But geopolitics has a way of clarifying trade-offs.

Given Washington’s increasingly hostile posture toward Europe — illustrated most recently by Donald Trump’s push to acquire Greenland — lawmakers and analysts are asking whether reliance on U.S. digital services could be weaponized. The hypothetical scenarios no longer appear far-fetched: restricted chip exports, capped cloud capacity and even disruptions to satellite connectivity.

This month’s cover story by Peder Schaefer explores the growing call for a “EuroStack” — a concerted effort to build European capacity across AI models, cloud infrastructure and semiconductor production that would reduce the continent’s reliance on both the U.S. and China.  

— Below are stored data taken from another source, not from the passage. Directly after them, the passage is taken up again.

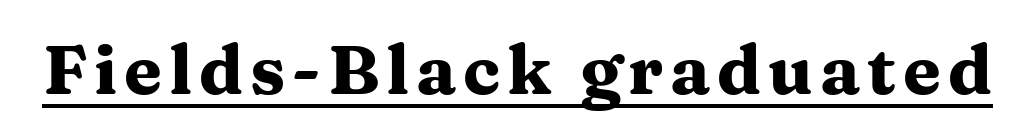
A rule runs beneath these lines of type. Heavy-handed strokes throughout: this text is bold. Each letter keeps its own natural width here, so spacing adapts to shape. Is this a sans? No — the strokes have serifs.
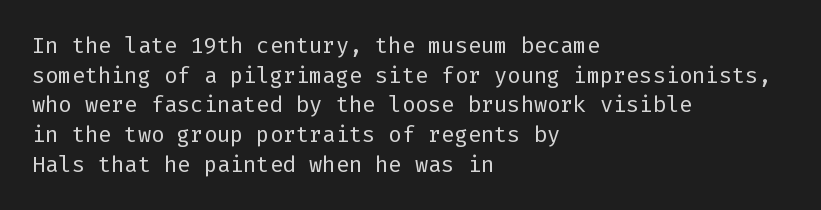
Unmarked baselines from the first word to the last. The designer left line spacing at the default. The rendering anchors every line to the left-hand side. The gaps between neighbouring characters are ordinary and unremarkable. The type sits square on the baseline with zero lean.
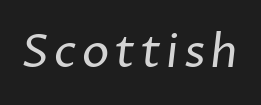
Unbolded letterforms with no extra heft. Anything drawn beneath the words? Only blank space. Each letter keeps its own natural width here, so spacing adapts to shape. Check where the strokes stop: nothing finishes them off — pure sans.
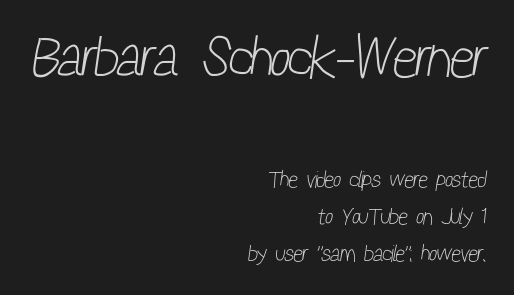
No chunkiness to these letters — they're not bold. The space between consecutive lines is moderate. Quick note: underline off. Observe the absence of serifs on each vertical stroke in this sample. A student would call this right alignment; a typographer would say flush right, rag left.
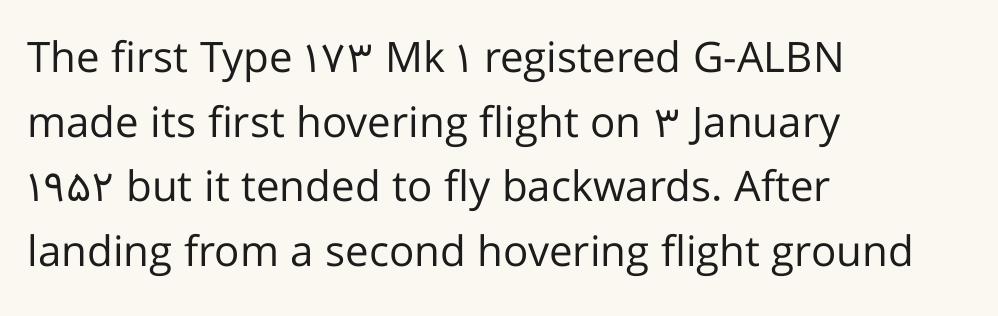
When letters stand straight like this, we call the style roman or upright. Teacher's note: observe the even left margin — that is flush-left alignment. The line-height multiplier appears to be the usual default. The passage shown is not underscored anywhere.
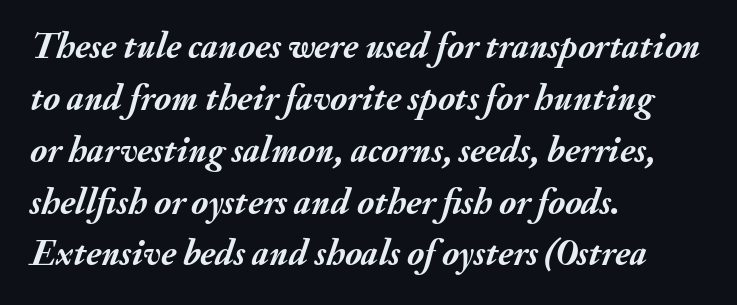
The image shows 36 px semibold type, italic (leaning right); set left-aligned, normal line spacing (1.44x), normal letter spacing, not underlined; medium stroke contrast and a small x-height.
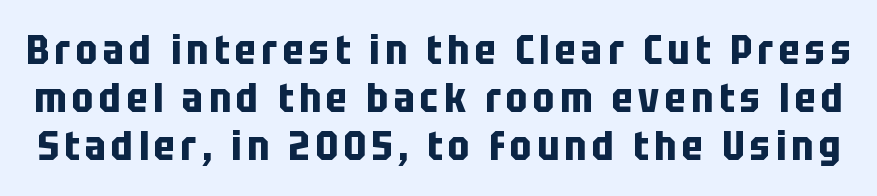
Q: Is the text bold? A: Yes.
Q: Is the text italic (slanted)? A: No, it is upright.
Q: Is the typeface a serif or a sans-serif typeface? A: Sans-serif.
Q: Is the text underlined? A: No.
Q: Width (condensed, normal, or wide)? A: Condensed.
Q: Stroke contrast? A: Low.
Q: x-height? A: Large.
Q: Monospaced? A: No.
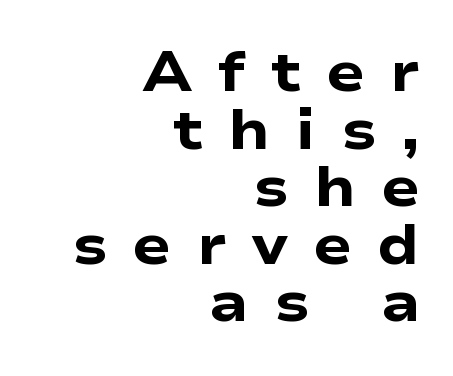
{"serif": "no", "italic": "no", "bold": "yes", "weight": "heavy", "width": "wide", "stroke_contrast": "low", "x_height": "medium", "monospaced": "no", "underline": "no", "align": "right", "line_spacing": "tight", "line_spacing_ratio": 1.01, "letter_spacing": "wide", "letter_spacing_em": 0.45, "glyph_px": 57}
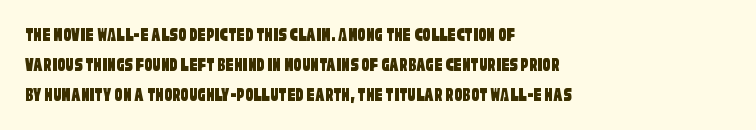
These lines are set flush left with a ragged right edge. The tracking reads as untouched default to a designer's eye. A typesetter would call this leading conventional body-copy spacing. This rendering features lettering with no underline.

At the same time, Europe’s dependence goes far beyond the tech sector. As Federica Di Sario reports in this edition, Chinese electric vehicles are gaining market share across the continent, posing an existential threat to its vaunted auto industry. 

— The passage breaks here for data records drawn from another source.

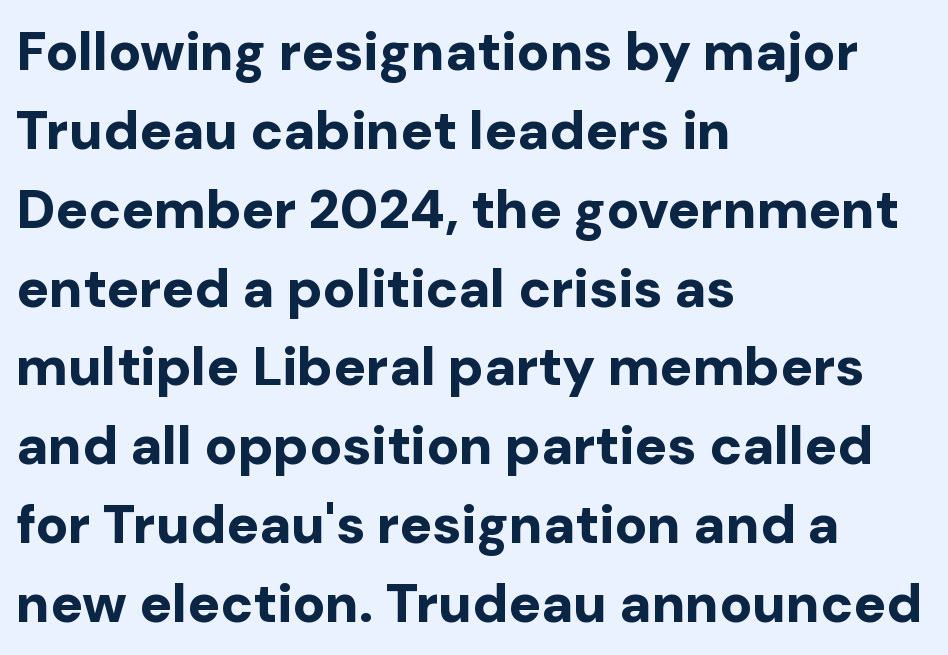
Q: Is the text bold? A: Yes.
Q: Is the text italic (slanted)? A: No, it is upright.
Q: Is the typeface a serif or a sans-serif typeface? A: Sans-serif.
Q: Is the text underlined? A: No.
Q: How is the paragraph aligned? A: Left-aligned.
Q: Is the spacing between letters normal or unusually wide? A: Normal.
Q: Is the spacing between lines tight, normal or loose? A: Normal.
Q: Width (condensed, normal, or wide)? A: Normal.
Q: Stroke contrast? A: Low.
Q: x-height? A: Medium.
Q: Monospaced? A: No.
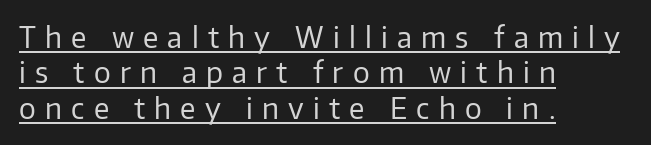
{"serif": "no", "italic": "no", "bold": "no", "weight": "regular", "width": "normal", "stroke_contrast": "low", "x_height": "medium", "monospaced": "no", "underline": "yes", "align": "left", "line_spacing": "normal", "line_spacing_ratio": 1.26, "letter_spacing": "wide", "letter_spacing_em": 0.33, "glyph_px": 28}
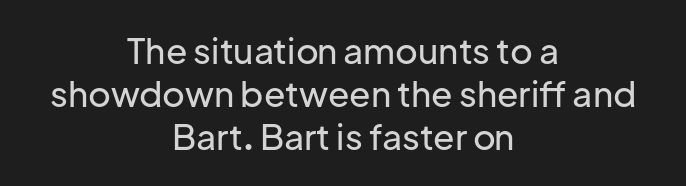
{"serif": "no", "italic": "no", "width": "normal", "stroke_contrast": "low", "x_height": "medium", "monospaced": "no", "underline": "no", "align": "center", "line_spacing_ratio": 1.23, "letter_spacing": "normal", "letter_spacing_em": 0.0, "glyph_px": 35}
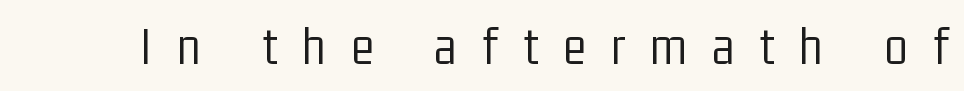
Q: Is the text bold? A: No.
Q: Is the text italic (slanted)? A: No, it is upright.
Q: Is the typeface a serif or a sans-serif typeface? A: Sans-serif.
Q: Is the text underlined? A: No.
Q: Is the spacing between letters normal or unusually wide? A: Unusually wide.
Q: Width (condensed, normal, or wide)? A: Condensed.
Q: Stroke contrast? A: Low.
Q: x-height? A: Medium.
Q: Monospaced? A: No.
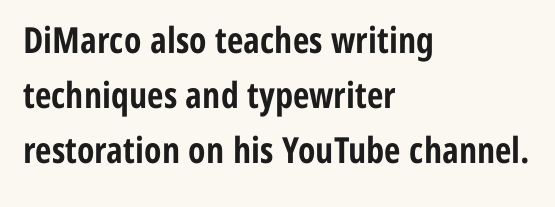
The image shows 36 px bold, condensed sans-serif type, upright; set left-aligned, normal line spacing (1.53x), normal letter spacing, not underlined; low stroke contrast and a medium x-height.
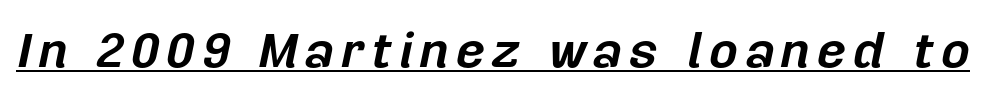
Q: Is the text bold? A: Yes.
Q: Is the text italic (slanted)? A: Yes, it leans right by about 12 degrees.
Q: Is the text underlined? A: Yes.
Q: Width (condensed, normal, or wide)? A: Normal.
Q: Stroke contrast? A: Low.
Q: x-height? A: Medium.
Q: Monospaced? A: No.
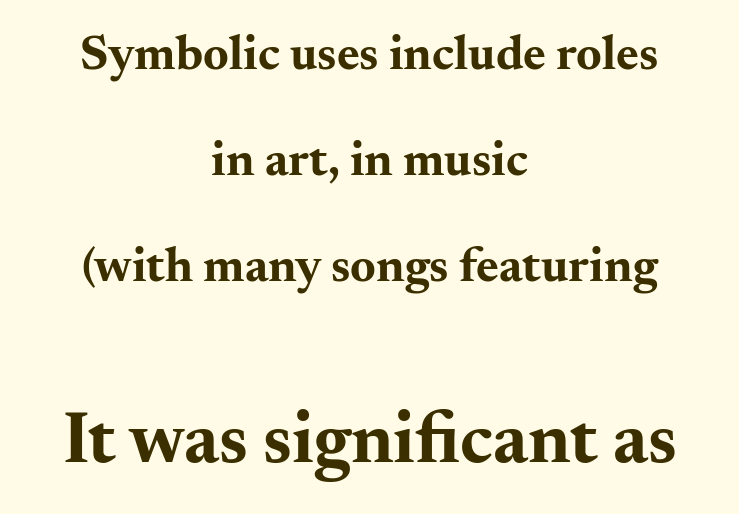
{"serif": "yes", "italic": "no", "bold": "yes", "weight": "bold", "width": "wide", "stroke_contrast": "medium", "x_height": "small", "monospaced": "no", "underline": "no", "align": "center", "line_spacing": "loose", "line_spacing_ratio": 2.16, "letter_spacing": "normal", "letter_spacing_em": 0.0, "larger_block": "second", "size_ratio": 1.49, "glyph_px": 73}

Indeed, Beijing’s capacity to deliver affordable goods — from cars to batteries — is shaping markets as much as Washington’s technological edge is transforming digital infrastructure. That pressure is now forcing Brussels to consider “Made in Europe” provisions to protect domestic manufacturing.   

Of course, this moment isn’t merely about tech or trade policy. As the transatlantic alliance frays and Beijing widens its economic footprint, the broader question facing Europe is whether it can forge a path that protects its core interests without retreating into insularity.